EXERCISE INSTRUCTIONS: If a line in the listing below includes the string "VECTOR", pull it out.

DATA FOR THE TASK:
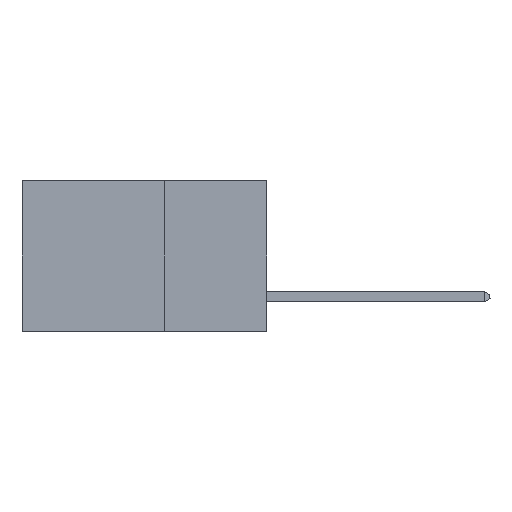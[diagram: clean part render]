
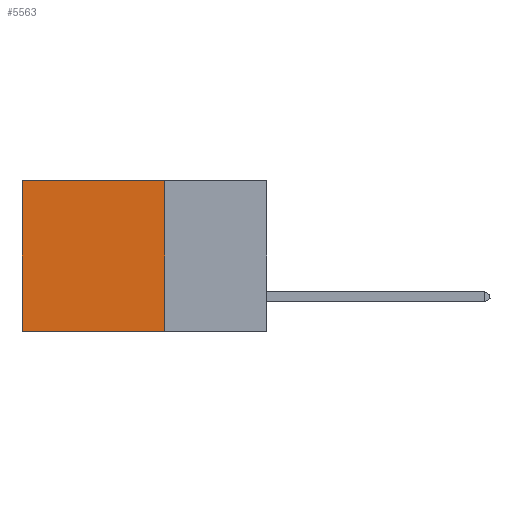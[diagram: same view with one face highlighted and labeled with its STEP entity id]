
A CAD part, left-side view. The second image highlights one B-rep face of the part: STEP entity #5563.
In plain terms, the highlighted planar face has unit normal (-1, 0, 0).
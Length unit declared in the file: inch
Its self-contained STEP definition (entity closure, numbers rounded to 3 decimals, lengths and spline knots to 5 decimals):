
#1396 = DIRECTION ( 'NONE',  ( 0., 0., -1. ) ) ;
#2405 = EDGE_CURVE ( 'NONE', #5568, #26260, #16513, .T. ) ;
#3038 = CARTESIAN_POINT ( 'NONE',  ( 0.2875, 0.25, -0.37 ) ) ;
#4583 = LINE ( 'NONE', #22303, #17735 ) ;
#4937 = AXIS2_PLACEMENT_3D ( 'NONE', #11278, #21875, #13627 ) ;
#5289 = CARTESIAN_POINT ( 'NONE',  ( 0.2875, 0.25, 0. ) ) ;
#5563 = ADVANCED_FACE ( 'NONE', ( #21737 ), #19629, .F. ) ;
#5568 = VERTEX_POINT ( 'NONE', #25796 ) ;
#6118 = LINE ( 'NONE', #9391, #24784 ) ;
#6852 = CARTESIAN_POINT ( 'NONE',  ( 0.2875, 0.6, 0. ) ) ;
#8717 = VERTEX_POINT ( 'NONE', #6852 ) ;
#9391 = CARTESIAN_POINT ( 'NONE',  ( 0.2875, 0.25, 0. ) ) ;
#10195 = ORIENTED_EDGE ( 'NONE', *, *, #2405, .F. ) ;
#10273 = DIRECTION ( 'NONE',  ( 0., 1., 0. ) ) ;
#11278 = CARTESIAN_POINT ( 'NONE',  ( 0.2875, 0.25, 0. ) ) ;
#12432 = CARTESIAN_POINT ( 'NONE',  ( 0.2875, 0.6, -0.37 ) ) ;
#13627 = DIRECTION ( 'NONE',  ( 0., 0., -1. ) ) ;
#15647 = EDGE_CURVE ( 'NONE', #24586, #8717, #4583, .T. ) ;
#16513 = LINE ( 'NONE', #3038, #25552 ) ;
#16795 = ORIENTED_EDGE ( 'NONE', *, *, #25322, .F. ) ;
#17225 = VECTOR ( 'NONE', #1396, 39.37008 ) ;
#17735 = VECTOR ( 'NONE', #10273, 39.37008 ) ;
#17762 = ORIENTED_EDGE ( 'NONE', *, *, #20484, .T. ) ;
#18238 = EDGE_LOOP ( 'NONE', ( #17762, #10195, #16795, #24033 ) ) ;
#18515 = LINE ( 'NONE', #25982, #17225 ) ;
#19629 = PLANE ( 'NONE',  #4937 ) ;
#20484 = EDGE_CURVE ( 'NONE', #8717, #26260, #18515, .T. ) ;
#21737 = FACE_OUTER_BOUND ( 'NONE', #18238, .T. ) ;
#21875 = DIRECTION ( 'NONE',  ( 1., 0., 0. ) ) ;
#22303 = CARTESIAN_POINT ( 'NONE',  ( 0.2875, 0.25, 0. ) ) ;
#23525 = DIRECTION ( 'NONE',  ( 0., 1., 0. ) ) ;
#23793 = DIRECTION ( 'NONE',  ( 0., 0., -1. ) ) ;
#24033 = ORIENTED_EDGE ( 'NONE', *, *, #15647, .T. ) ;
#24586 = VERTEX_POINT ( 'NONE', #5289 ) ;
#24784 = VECTOR ( 'NONE', #23793, 39.37008 ) ;
#25322 = EDGE_CURVE ( 'NONE', #24586, #5568, #6118, .T. ) ;
#25552 = VECTOR ( 'NONE', #23525, 39.37008 ) ;
#25796 = CARTESIAN_POINT ( 'NONE',  ( 0.2875, 0.25, -0.37 ) ) ;
#25982 = CARTESIAN_POINT ( 'NONE',  ( 0.2875, 0.6, 0. ) ) ;
#26260 = VERTEX_POINT ( 'NONE', #12432 ) ;
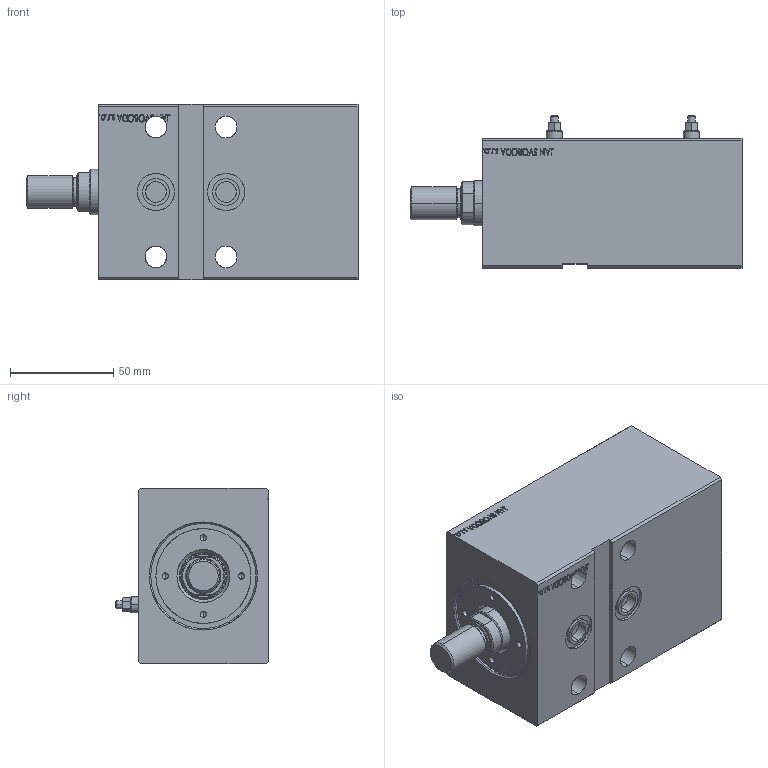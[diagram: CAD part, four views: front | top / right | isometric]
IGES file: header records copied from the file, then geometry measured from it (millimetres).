
Start section: SolidWorks IGES file using analytic representation for surfaces
Global section: file name: cb0d.IGS; native system: SolidWorks 2019; preprocessor: SolidWorks 2019; author: Model3D; date: 250618.081200; units: millimetre
Bounding box: 161 x 74 x 85 mm (x, y, z)
Surface area: 95142.5 mm2 (no closed solid volume)
Topology: 0 solids, 0 shells, 902 faces, 12766 edges, 12756 vertices
Faces by surface type: bspline 788, revolution 114

WRITTEN RESPONSE:
#17225 = VECTOR ( 'NONE', #1396, 39.37008 ) ;
#17735 = VECTOR ( 'NONE', #10273, 39.37008 ) ;
#24784 = VECTOR ( 'NONE', #23793, 39.37008 ) ;
#25552 = VECTOR ( 'NONE', #23525, 39.37008 ) ;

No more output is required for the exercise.